Within a stone's throw from the tree, the child gasped, "Look! There's a snake!" The young woman stopped and peered into the leafy shadows. There, only a few feet away, was a coiled viper.
"Shhh," she whispered to the child and calmly backed her away. Then the woman headed for the garden, where she grabbed a shovel. "Why can we not leave the snake alone?" cried the girl. "He has not hurt us. He is one of God's creatures, too."

"Yes," said the woman. "But we cannot live in peace with a rattlesnake between us and the river. If he were to bite you, you would surely die."

When the woman returned to the cherry tree, a priest refreshing himself beside the river asked, "Woman, what business are you about with that shovel?"

"Father," she replied, "I have come to kill a snake lurking beneath this tree."

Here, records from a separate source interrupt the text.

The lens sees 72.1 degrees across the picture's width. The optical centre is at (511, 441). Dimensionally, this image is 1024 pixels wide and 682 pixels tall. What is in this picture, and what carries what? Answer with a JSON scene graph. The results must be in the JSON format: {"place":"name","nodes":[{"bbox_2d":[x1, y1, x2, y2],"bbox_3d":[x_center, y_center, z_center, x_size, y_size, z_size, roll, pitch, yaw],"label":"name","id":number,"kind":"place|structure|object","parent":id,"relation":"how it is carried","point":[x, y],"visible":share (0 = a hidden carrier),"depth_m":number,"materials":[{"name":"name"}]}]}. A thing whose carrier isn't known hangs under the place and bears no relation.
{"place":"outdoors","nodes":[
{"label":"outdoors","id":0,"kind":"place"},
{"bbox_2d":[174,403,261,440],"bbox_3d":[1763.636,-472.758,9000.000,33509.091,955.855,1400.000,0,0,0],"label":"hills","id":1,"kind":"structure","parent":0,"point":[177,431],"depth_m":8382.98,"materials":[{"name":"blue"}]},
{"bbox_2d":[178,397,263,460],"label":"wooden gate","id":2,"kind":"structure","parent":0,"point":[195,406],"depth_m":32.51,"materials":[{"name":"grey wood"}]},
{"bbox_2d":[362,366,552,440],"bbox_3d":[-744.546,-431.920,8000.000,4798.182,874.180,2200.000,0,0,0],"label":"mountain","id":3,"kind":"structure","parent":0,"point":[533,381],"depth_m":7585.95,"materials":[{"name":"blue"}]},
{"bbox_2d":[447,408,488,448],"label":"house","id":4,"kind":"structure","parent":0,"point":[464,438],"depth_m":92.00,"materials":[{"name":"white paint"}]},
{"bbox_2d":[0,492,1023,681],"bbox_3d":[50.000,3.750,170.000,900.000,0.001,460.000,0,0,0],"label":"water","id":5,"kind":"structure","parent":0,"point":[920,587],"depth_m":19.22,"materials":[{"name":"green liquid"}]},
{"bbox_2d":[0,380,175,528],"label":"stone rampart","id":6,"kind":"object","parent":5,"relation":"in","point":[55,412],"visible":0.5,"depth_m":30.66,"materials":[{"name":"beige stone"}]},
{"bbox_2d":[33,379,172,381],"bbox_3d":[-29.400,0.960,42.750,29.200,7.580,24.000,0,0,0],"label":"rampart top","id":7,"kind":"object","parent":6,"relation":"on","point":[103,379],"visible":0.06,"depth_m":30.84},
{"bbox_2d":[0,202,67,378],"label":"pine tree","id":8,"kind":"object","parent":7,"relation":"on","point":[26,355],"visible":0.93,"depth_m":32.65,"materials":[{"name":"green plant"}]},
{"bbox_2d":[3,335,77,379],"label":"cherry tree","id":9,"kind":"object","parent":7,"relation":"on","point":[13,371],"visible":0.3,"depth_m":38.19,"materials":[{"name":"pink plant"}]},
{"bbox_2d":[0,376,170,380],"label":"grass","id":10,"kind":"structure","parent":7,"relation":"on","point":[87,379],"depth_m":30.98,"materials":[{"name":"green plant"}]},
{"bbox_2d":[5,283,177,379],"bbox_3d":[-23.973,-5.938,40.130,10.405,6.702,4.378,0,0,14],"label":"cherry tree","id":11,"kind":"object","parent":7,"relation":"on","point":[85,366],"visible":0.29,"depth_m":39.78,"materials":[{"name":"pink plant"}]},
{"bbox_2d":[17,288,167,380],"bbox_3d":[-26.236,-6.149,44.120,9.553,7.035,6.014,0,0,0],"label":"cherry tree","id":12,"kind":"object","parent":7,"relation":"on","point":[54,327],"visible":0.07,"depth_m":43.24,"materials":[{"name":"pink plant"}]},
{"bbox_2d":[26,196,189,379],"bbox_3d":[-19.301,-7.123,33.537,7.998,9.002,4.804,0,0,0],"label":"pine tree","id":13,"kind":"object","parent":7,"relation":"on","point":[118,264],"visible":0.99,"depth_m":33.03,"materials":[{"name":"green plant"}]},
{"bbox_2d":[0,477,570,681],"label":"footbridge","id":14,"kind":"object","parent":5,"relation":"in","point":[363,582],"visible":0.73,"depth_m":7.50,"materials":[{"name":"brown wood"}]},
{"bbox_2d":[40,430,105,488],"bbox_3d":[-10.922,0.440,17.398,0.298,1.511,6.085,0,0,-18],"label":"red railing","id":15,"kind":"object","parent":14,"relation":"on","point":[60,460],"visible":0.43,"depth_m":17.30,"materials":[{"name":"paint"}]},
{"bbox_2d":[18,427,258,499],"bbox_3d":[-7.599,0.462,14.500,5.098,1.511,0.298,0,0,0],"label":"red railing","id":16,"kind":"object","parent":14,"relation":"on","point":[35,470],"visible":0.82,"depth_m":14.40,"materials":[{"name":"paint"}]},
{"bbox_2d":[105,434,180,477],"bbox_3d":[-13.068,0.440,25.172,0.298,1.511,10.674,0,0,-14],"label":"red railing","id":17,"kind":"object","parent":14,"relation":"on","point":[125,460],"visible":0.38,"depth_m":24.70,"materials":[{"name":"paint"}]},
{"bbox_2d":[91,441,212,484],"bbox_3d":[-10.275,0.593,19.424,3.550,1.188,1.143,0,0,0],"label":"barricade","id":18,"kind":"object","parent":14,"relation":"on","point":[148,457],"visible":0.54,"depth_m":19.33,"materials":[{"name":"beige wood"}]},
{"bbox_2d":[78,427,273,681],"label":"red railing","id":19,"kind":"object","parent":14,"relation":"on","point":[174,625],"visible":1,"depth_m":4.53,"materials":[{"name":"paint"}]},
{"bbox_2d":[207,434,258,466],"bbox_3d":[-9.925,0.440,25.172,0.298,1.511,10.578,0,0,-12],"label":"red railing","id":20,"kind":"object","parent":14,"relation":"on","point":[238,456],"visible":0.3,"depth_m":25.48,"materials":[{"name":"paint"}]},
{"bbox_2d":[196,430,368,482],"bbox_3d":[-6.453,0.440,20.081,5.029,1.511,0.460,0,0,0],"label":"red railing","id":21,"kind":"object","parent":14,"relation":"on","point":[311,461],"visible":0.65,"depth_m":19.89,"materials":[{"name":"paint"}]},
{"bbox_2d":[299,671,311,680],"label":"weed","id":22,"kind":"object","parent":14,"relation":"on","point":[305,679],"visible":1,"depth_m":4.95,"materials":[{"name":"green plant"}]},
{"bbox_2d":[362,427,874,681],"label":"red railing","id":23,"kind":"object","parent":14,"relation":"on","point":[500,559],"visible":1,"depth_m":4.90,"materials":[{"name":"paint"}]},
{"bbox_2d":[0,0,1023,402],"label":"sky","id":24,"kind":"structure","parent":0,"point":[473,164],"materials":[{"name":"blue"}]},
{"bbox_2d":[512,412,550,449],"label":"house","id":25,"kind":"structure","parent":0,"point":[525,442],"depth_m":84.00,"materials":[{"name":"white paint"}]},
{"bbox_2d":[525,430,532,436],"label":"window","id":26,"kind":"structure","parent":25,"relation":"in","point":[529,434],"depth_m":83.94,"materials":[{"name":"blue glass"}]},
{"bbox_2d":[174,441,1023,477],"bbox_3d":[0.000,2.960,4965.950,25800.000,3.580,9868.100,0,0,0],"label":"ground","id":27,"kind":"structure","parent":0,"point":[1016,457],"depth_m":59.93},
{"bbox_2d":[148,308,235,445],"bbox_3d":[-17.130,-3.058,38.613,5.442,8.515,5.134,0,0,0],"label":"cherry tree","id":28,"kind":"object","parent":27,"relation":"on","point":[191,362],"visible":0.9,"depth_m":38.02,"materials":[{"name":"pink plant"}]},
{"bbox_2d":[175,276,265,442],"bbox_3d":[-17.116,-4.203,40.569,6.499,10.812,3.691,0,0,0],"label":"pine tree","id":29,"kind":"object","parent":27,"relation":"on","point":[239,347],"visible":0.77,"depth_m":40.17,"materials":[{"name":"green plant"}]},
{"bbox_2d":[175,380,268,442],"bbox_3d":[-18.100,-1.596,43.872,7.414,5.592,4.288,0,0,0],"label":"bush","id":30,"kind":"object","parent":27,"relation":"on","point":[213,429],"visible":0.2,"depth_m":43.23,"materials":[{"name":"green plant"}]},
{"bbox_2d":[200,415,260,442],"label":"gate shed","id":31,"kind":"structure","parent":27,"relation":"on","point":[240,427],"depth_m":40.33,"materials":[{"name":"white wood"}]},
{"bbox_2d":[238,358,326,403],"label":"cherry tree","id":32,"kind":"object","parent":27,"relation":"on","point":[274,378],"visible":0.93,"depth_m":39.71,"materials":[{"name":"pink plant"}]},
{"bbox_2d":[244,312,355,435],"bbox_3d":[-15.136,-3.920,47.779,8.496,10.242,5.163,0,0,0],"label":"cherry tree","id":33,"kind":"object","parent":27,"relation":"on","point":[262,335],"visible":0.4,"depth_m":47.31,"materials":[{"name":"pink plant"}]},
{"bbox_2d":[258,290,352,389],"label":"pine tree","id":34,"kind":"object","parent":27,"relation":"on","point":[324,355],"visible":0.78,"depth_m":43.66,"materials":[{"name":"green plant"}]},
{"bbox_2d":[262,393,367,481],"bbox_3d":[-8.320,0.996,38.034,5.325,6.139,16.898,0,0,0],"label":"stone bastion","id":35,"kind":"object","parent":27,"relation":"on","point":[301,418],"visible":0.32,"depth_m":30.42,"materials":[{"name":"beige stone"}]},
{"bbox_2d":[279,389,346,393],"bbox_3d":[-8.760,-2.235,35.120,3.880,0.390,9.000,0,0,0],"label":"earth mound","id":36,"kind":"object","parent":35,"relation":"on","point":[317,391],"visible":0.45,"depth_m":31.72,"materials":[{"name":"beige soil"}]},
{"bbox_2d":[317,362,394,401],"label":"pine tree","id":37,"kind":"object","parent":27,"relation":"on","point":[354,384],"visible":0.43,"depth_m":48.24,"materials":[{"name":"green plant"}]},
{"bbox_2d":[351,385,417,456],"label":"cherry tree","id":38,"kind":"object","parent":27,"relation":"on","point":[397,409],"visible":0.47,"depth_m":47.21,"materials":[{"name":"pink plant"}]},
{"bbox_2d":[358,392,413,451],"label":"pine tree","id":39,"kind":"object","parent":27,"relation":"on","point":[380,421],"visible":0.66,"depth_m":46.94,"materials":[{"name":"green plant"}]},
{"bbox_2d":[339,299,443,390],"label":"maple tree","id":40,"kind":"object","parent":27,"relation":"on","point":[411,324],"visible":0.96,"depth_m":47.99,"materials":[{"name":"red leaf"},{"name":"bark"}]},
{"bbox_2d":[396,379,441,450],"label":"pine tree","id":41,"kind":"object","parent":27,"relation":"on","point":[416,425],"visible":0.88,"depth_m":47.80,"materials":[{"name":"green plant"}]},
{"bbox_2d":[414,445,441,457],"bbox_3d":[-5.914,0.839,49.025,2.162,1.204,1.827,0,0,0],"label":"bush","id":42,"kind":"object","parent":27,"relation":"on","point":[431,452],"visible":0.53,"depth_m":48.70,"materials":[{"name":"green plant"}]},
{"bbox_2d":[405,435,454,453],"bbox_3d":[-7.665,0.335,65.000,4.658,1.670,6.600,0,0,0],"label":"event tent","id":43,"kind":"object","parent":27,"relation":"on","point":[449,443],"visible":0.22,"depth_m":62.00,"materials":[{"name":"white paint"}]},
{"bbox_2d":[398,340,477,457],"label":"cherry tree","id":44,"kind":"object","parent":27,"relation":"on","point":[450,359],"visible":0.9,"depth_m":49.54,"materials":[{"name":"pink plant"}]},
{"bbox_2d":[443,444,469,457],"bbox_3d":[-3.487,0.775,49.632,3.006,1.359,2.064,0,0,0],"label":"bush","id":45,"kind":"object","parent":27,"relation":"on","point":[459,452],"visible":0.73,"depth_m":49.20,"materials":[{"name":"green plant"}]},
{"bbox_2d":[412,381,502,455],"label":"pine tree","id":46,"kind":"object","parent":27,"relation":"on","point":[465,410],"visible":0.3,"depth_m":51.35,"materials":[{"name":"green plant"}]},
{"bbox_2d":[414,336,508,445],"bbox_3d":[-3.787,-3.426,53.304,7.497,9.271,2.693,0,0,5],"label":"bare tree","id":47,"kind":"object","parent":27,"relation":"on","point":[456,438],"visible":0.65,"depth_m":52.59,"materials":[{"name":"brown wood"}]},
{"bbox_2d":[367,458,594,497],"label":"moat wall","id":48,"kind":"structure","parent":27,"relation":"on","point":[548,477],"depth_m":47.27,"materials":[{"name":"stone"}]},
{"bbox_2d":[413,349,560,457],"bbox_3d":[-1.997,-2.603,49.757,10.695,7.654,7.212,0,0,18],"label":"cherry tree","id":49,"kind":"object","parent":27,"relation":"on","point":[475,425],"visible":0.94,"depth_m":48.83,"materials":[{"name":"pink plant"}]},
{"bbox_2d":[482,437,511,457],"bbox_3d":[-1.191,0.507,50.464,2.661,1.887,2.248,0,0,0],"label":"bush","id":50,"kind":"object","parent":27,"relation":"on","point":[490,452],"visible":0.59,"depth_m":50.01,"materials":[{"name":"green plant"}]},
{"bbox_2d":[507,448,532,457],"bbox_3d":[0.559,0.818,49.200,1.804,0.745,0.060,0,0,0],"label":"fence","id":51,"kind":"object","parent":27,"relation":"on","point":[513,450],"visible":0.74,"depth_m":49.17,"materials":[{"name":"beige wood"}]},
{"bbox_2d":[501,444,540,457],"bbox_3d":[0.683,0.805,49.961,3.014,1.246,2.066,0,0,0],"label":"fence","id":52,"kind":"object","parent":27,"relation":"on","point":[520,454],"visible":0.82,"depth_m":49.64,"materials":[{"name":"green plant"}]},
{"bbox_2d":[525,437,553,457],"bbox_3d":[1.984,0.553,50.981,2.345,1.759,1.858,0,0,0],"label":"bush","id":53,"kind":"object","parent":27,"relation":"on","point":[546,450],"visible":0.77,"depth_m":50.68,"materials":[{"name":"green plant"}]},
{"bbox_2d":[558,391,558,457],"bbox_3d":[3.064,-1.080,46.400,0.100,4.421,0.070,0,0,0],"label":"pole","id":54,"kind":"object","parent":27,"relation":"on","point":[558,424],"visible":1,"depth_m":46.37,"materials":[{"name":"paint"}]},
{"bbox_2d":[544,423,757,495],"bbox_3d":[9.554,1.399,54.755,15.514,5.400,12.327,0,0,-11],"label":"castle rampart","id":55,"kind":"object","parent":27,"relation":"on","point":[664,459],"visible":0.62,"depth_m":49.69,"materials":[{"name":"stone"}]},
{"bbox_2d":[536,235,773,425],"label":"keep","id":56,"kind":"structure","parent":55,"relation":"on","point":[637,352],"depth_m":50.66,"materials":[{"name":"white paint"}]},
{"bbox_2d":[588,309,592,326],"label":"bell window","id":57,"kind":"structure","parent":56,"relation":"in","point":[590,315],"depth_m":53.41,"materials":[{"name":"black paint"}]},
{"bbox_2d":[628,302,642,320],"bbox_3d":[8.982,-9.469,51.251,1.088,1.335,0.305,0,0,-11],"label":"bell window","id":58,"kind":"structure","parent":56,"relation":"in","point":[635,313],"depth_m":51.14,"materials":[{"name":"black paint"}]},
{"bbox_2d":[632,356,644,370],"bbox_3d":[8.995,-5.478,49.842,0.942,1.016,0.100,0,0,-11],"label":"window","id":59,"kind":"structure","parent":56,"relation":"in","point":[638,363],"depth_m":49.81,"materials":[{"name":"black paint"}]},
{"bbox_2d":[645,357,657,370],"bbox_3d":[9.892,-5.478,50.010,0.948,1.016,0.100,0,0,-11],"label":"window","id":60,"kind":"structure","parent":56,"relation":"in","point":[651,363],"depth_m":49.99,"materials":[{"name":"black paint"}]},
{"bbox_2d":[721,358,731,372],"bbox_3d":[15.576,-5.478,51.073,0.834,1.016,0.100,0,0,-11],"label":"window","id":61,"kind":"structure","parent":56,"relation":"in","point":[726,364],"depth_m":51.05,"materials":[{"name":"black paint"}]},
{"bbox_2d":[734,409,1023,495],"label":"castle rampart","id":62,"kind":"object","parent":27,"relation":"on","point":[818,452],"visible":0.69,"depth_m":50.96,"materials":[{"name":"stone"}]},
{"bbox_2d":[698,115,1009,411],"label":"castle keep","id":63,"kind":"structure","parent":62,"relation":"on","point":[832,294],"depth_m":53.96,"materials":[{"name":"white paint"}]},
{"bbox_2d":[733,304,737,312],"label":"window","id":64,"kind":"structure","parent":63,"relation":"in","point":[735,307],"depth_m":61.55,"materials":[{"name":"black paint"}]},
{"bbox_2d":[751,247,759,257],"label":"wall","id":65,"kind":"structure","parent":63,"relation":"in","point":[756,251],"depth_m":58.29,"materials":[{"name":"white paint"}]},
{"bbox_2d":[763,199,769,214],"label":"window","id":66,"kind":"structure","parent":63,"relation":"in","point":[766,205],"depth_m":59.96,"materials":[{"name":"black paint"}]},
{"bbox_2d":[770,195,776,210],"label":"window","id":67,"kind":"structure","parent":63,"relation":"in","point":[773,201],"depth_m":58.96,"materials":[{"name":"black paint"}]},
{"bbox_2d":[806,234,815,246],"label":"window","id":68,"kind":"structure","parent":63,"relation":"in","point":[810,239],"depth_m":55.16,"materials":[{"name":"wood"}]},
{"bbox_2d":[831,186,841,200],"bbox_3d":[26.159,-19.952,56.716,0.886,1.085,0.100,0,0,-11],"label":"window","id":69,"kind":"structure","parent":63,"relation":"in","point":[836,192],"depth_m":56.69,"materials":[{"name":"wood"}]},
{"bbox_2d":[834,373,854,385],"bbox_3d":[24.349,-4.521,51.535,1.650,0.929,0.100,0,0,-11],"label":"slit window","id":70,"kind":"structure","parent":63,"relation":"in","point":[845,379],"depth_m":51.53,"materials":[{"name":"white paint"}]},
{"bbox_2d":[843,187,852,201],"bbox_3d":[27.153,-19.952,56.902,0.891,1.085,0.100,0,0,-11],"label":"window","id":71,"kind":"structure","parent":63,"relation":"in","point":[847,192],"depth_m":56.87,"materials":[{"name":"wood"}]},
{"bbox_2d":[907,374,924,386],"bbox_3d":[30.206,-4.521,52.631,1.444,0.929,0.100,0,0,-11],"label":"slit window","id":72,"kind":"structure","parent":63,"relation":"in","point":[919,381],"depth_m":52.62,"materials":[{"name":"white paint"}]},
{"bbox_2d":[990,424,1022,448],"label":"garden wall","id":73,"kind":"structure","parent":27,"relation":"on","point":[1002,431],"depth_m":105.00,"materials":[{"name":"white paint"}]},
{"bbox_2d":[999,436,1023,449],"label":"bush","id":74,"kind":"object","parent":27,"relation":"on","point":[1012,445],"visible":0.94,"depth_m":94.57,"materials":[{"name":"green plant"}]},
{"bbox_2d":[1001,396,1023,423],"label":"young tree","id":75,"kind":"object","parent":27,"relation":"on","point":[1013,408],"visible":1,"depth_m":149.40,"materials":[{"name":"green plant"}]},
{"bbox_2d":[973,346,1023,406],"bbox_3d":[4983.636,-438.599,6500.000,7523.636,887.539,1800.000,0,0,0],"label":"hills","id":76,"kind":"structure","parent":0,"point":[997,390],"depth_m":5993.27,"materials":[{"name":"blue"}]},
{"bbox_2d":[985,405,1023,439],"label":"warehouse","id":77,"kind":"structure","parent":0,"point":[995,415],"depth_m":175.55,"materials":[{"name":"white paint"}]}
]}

"Daughter," he said, "it is too dangerous for you to attempt this deed alone, for the snake can strike the full length of your shovel. I shall help you."

With that the priest picked up two large stones and walked to where the woman stood. He threw one at the snake, which only startled him, and then threw the other, which knocked him unconscious. The woman saw her chance and struck the fatal blow upon the serpent's head. The priest then dug a hole, and buried the deadly animal beneath the earth.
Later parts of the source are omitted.